Directions for this task: Search the entries for the line containing "land cover: Apple fruit". Repeat it, then every line after it, exactly through the final line.

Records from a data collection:
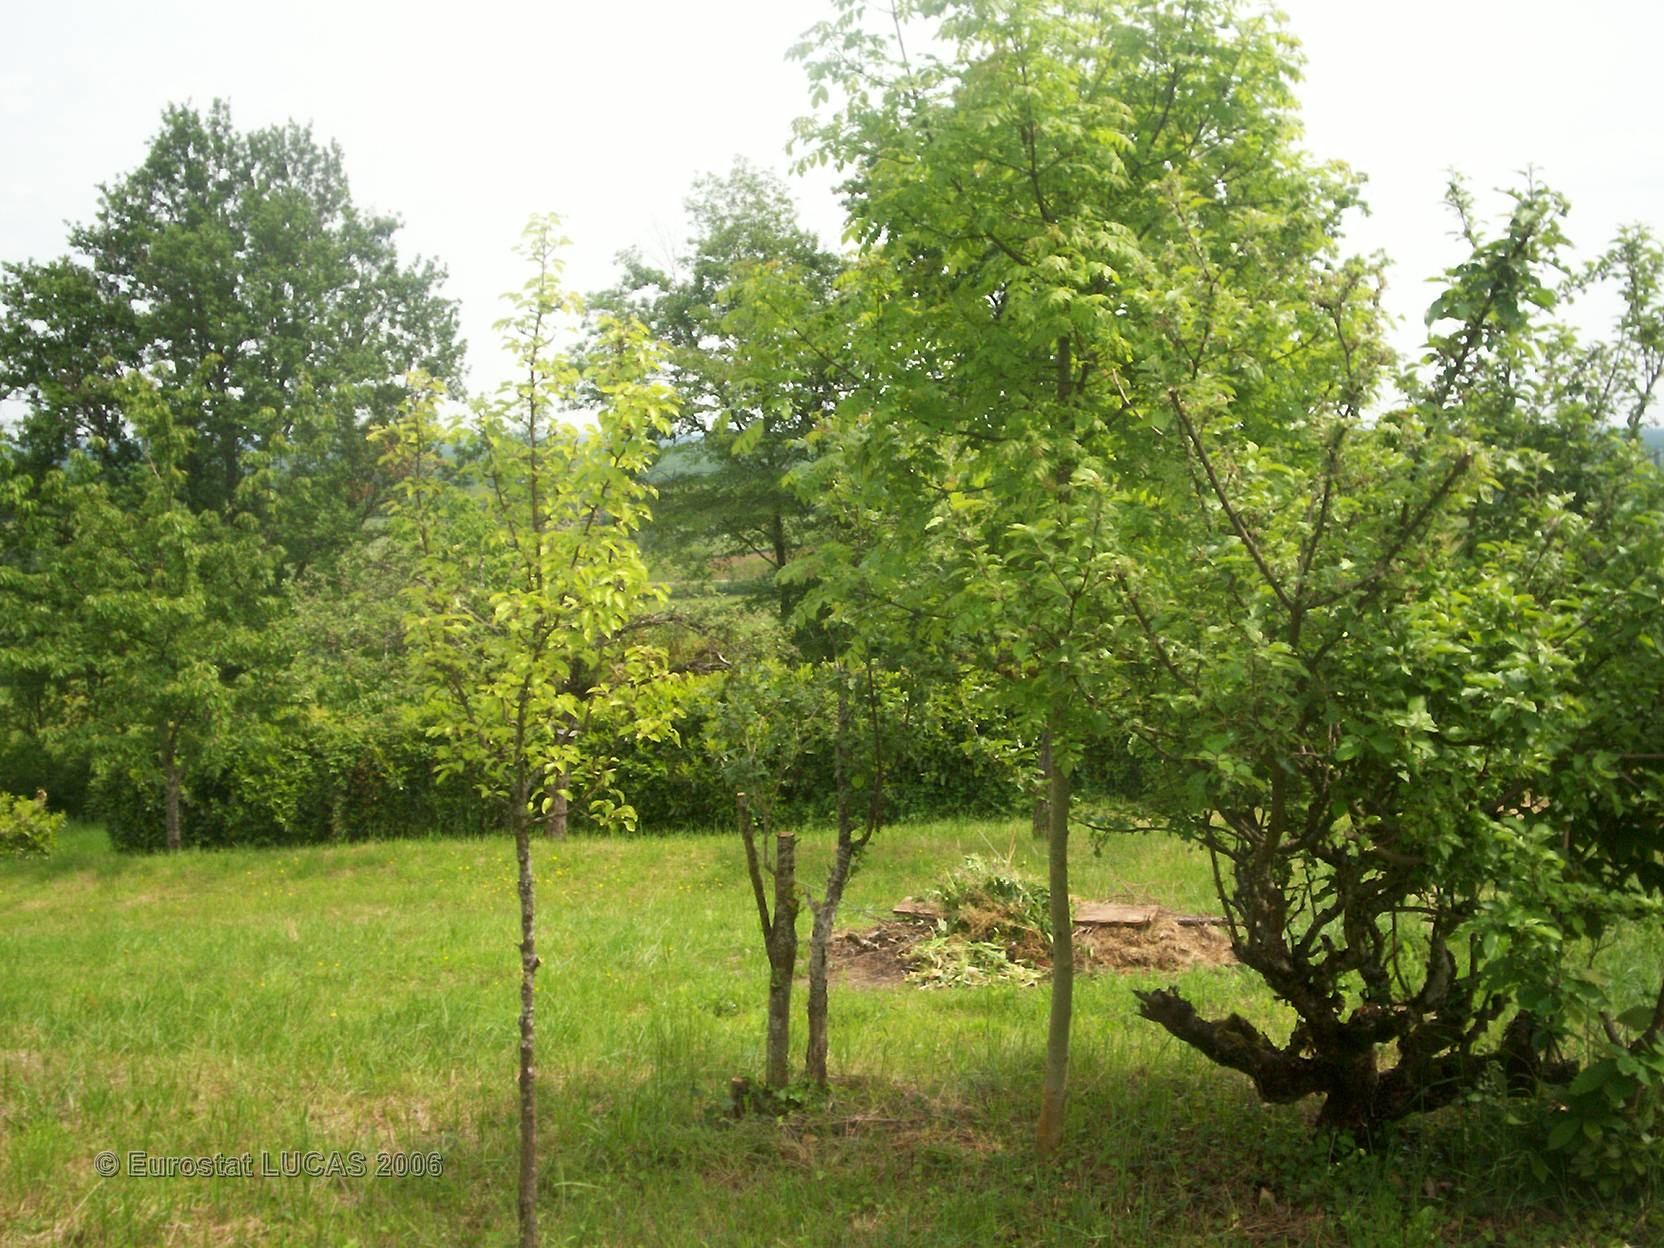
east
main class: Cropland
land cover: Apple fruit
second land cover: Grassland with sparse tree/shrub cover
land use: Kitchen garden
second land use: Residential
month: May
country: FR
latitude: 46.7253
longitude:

Reply:
land cover: Apple fruit
second land cover: Grassland with sparse tree/shrub cover
land use: Kitchen garden
second land use: Residential
month: May
country: FR
latitude: 46.7253
longitude:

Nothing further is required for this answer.